Trying to understand the relation between pytorch batchnorm and caffe batchnorm

This question stems from comparing the caffe way of batchnormalization layer and the pytorch way of the same. To provide a specific example, let us consider the ResNet50 architecture in caffe (prototxt link). We see “BatchNorm” layer followed by “scale” layers. While in the pytorch model of ResNet50 we see only “BatchNorm2d” layers (without any “scale” layer). If, in particular, I compare the first batchnorm layer in pytorch model and the first batchnorm+scale layer in caffe model we get the following.

Param Name size
========== ====
bn1.weight torch.Size([64])
bn1.bias torch.Size([64])
bn1.running_mean torch.Size([64])
bn1.running_var torch.Size([64])

Param Name size
========== ====
bn_conv1[0] (64,)
bn_conv1[1] (64,)
bn_conv1[2] (1,)
scale_conv1[0] (64,)
scale_conv1[1] (64,)

My question is what is the correspondence between these parameters (basically which one in caffe is what in pytorch)?

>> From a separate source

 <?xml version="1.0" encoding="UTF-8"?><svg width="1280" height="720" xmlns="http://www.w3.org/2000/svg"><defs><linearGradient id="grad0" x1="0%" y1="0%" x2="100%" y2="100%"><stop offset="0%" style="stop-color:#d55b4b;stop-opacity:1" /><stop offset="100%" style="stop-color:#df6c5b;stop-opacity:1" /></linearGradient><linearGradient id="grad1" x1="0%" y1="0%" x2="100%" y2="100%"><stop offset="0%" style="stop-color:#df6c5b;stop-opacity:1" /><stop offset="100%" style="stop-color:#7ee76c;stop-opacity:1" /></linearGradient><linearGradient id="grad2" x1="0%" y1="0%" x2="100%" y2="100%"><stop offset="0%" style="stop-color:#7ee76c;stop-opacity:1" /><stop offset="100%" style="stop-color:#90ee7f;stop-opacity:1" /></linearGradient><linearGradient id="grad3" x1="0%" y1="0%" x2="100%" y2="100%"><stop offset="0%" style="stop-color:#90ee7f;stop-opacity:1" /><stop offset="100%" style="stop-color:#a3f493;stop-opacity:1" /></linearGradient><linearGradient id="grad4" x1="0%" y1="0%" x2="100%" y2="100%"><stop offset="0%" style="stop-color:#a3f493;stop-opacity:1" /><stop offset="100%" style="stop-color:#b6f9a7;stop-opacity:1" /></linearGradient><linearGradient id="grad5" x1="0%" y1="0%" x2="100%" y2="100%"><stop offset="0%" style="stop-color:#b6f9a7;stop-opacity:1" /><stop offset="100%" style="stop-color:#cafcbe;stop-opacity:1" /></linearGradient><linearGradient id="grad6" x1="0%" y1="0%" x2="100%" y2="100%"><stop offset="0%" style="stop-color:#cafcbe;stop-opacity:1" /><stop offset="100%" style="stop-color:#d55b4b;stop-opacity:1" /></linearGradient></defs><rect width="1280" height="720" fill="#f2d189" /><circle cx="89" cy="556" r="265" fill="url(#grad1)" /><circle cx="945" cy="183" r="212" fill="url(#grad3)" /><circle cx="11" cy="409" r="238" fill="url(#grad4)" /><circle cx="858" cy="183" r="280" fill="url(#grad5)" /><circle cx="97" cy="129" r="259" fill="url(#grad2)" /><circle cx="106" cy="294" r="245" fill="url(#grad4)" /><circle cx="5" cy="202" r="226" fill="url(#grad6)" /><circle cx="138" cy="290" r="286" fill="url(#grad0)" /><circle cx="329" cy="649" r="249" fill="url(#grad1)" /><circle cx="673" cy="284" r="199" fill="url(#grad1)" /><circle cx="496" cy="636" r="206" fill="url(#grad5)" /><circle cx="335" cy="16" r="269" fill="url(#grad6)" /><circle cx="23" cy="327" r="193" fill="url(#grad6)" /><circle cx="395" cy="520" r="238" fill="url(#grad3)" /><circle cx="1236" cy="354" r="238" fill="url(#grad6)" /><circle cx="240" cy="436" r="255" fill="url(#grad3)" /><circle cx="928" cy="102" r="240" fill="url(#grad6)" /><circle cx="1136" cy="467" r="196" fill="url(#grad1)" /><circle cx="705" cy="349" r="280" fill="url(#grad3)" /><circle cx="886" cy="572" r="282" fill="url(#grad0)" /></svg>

I also have a second question. And it is regarding the ‘affine’ argument/parameter of the BatchNorm2d module in pytorch. Does setting it False mean \gamma=1, \beta=0?

1 Like

I think that
bn_conv10 -> bn1.running_mean torch.Size([64])
bn_conv11 -> bn1.running_var torch.Size([64])
scale_conv1[0] (64,) -> bn1.weight torch.Size([64])
scale_conv1[1] (64,) -> bn1.bias torch.Size([64])

I also got confused by the extra parameter bn_conv12. In my caffe model, I do not have this parameter.